まず、いくつか典型的な誤った取り組み方を記載させて頂くと、

A: 時間をかけすぎているor逆に時間をかけなさすぎる。

B: 答えを見て分かった気になったまま、解き直さない。

C: なぜそうするのかを自分で説明できないまま、解き直している。


という場合において、取り組み方の是正が必要です。

●A:「時間をかけすぎているor逆に時間をかけなさすぎる。」

基本的には問題に向き合う時間は1問10分です。(問題によって違いはあるものの)最大でも25分です。入試は勿論、サピックスオープンでもそれ以上の時間をかけてしまっては得点の最大化ができなくなります。一定で見切ることを体で身につける為にも時間をかけすぎない、ことは必要になります。

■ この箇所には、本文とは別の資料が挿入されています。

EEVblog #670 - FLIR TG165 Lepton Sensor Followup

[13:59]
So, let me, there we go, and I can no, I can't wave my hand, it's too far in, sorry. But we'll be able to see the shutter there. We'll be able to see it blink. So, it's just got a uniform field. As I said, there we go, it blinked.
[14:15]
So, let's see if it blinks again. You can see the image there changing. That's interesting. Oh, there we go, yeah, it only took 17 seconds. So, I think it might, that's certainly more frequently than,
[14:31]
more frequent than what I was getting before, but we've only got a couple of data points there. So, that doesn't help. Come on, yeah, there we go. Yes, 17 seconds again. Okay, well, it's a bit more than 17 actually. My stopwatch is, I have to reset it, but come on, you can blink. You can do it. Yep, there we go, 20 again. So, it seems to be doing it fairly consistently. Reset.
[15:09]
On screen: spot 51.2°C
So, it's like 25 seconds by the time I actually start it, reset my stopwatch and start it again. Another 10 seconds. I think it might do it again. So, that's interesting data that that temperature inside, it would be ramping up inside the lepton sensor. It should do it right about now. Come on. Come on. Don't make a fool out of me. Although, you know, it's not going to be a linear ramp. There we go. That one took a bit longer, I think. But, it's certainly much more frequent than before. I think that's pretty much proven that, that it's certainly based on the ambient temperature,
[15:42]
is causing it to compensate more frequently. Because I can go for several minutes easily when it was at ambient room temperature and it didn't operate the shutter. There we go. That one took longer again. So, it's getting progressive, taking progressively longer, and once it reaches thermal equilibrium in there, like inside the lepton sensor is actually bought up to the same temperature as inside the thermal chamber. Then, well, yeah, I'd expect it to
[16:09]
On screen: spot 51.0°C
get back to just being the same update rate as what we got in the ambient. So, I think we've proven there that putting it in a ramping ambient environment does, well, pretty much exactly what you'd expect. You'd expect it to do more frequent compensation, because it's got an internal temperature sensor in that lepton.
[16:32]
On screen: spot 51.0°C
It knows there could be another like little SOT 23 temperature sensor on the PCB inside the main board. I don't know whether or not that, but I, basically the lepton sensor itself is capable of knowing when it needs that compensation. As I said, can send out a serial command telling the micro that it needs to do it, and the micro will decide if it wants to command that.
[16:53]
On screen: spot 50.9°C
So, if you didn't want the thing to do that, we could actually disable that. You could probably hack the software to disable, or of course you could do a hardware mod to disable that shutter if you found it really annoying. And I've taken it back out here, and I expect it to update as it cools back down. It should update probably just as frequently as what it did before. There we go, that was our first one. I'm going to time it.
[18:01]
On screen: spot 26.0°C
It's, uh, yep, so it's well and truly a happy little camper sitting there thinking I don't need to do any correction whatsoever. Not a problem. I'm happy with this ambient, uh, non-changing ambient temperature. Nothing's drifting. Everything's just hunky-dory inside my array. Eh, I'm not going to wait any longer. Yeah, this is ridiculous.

また一方で、整理や試行検証を全くせず1-2分など早すぎる時間で諦めることもNGです。通常の技術問題と向き合い方を変える必要があるのに、同じように「すぐに答えが出てこないから無理」というような型ができている可能性があり、それではいつまでも出来るようになりません。まずは、最低限、「整理する=分かっていることを書く、まとめる」ことから開始していくことで、次第に問題に「入っていく」ことができます。

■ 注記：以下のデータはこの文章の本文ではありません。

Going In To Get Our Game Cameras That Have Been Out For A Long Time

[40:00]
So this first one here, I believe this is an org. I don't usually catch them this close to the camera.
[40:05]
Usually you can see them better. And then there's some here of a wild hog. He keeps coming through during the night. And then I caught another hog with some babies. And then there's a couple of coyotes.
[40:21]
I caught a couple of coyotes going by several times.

●B:「答えを見て分かった気になったまま、解き直さない。」

これは技術問題でも同じですが、「分かる」と「出来る」には違いがあります。また、実際にやってみたら、実は細かな部分を分かっていなかったことに気づくことは多いです。本当に自分で出来るかを確認してはじめて「分かった」と言えます。

往往にして思考力問題は重たいし、再現性が低いのでついつい解き直しをさぼりがちになりますが、本当に分かったかの確認の為にも必ず解き直しをするようにしましょう。

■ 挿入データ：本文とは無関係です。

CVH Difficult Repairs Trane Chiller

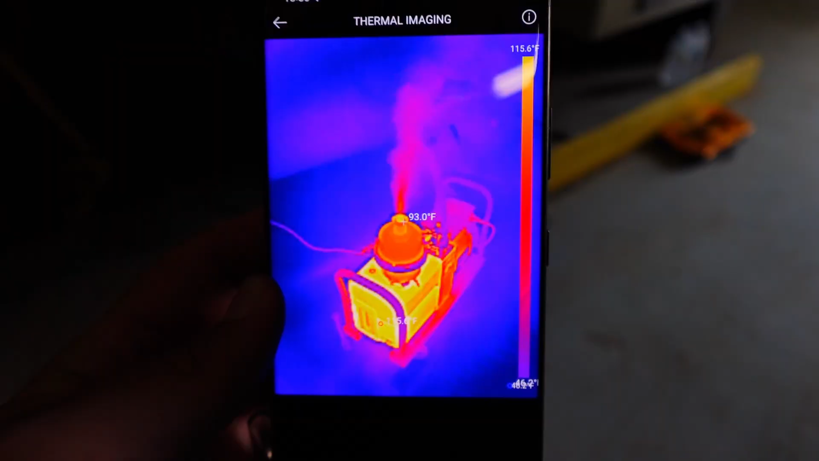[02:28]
On screen: scale top 115.6°F
camera that plugs into my phone and i have since gotten a new thermal camera

●C:「なぜそうするのかを自分で説明できないまま、解き直している。」

いわゆる「操作を覚えて」いる状態です。思考力の本質とは、1つ1つ遭遇する分岐路において、自分のコンパスを持って進むべき方法を正しく判断・選択していくことに似ています。正しい道がわかってそれを自分の頭を使わずに通っていくと、結局いつまでも自分のコンパスを磨くことはできません。言葉で書くのが面倒であれば「口に出してブツブツ言う」でも構いません。「●●ということは、●●」「●●と●●があるので、●●は違う」など、これまで出会った思考力の高い子供たちの中にそういった子供たちも数多くいました。大学受験改革を意識してか、最難関校を中心に「根拠が理解できているか」を試す「論理・推理」の問題が近年増加傾向にあり、こういった学習が1年半後に勝負を分ける可能性があることも付け加えておきます。

以上

5年生のサピックスオープンの分析と対策を記載させて頂きました。
今後の学習のご参考になれば幸いです。